話は余談になるが、白神山地が自然遺産に登録される前の状況に少し触れておきたい。白神山地のふもとに住むマタギたちは、『白神には神がいる』と口をそろえて言う。一方漁師は『白神の水が、ハタハタを育ててくれる』、『豊漁を願うから、白神の山を大切にするんだ』と言う。山に住む者と海に暮らす者の気持ちが一つになって、観光道路開発阻止に立ち上がった。北に隣接する青森県の住民の思いも同じであった。

家の窓ガラスを割られたり、勤務先を解雇されるなどの露骨な妨害にも屈せず、反対運動は続けられ、やがて当時の秋田県議会議員を動かした。観光道路開発断念が決定したときには、すでに17年の歳月が過ぎていた。世界遺産登録の直前、ヨーロッパ各国から研究者が訪れ、白神を視察したが、異口同音に「これほど自然のままでブナが保存されている場所は、他には無い」と驚きの声をあげた。
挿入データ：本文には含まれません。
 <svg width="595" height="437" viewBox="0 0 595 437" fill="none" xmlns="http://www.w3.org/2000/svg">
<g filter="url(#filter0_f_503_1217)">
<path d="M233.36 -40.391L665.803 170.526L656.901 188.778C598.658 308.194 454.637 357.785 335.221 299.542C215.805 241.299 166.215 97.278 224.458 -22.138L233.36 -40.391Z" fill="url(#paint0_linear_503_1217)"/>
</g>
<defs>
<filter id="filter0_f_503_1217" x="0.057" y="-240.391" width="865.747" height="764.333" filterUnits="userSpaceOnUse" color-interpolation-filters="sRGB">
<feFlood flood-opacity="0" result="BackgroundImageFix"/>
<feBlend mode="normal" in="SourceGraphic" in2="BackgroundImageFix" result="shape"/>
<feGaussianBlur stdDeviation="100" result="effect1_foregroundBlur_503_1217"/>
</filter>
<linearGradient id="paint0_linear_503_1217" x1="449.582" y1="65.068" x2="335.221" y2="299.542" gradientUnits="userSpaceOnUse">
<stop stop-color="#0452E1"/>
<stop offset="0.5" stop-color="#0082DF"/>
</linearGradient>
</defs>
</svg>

白神山地が世界遺産に登録されるまでに、周辺地域の努力は大変なものがあった。白神の説明はこれくらいにして、とにかくこの白神に元気を分けてもらおうと、私たちは出かけた。

二ツ森山頂をめざす

いよいよここから、徒歩で頂上を目指します。子ども達と私のママが先頭です。難病のH君のために、水を入れたタンクをザックに入れ、それをお父さんが背負い後に続きます。そう、H君は自力で体温調節が出来ない難病と闘っているのです。時々全身を水で冷やしてあげまがら登ることになります。そんな苦労や危険をも厭わずに、登山に賛同してくれたH君とお父さんお母さん、素晴らしいご両親です!

アップダウンのある山道を、ゆっくりゆっくり進みます。獣道のような状態でした。あたりに見える木々は、ほとんどがブナです。この辺は原生林というよりも、雑木林のような感じがしました。標高が高くなるとブナ林はなくなりクマザサの間を進むようになります。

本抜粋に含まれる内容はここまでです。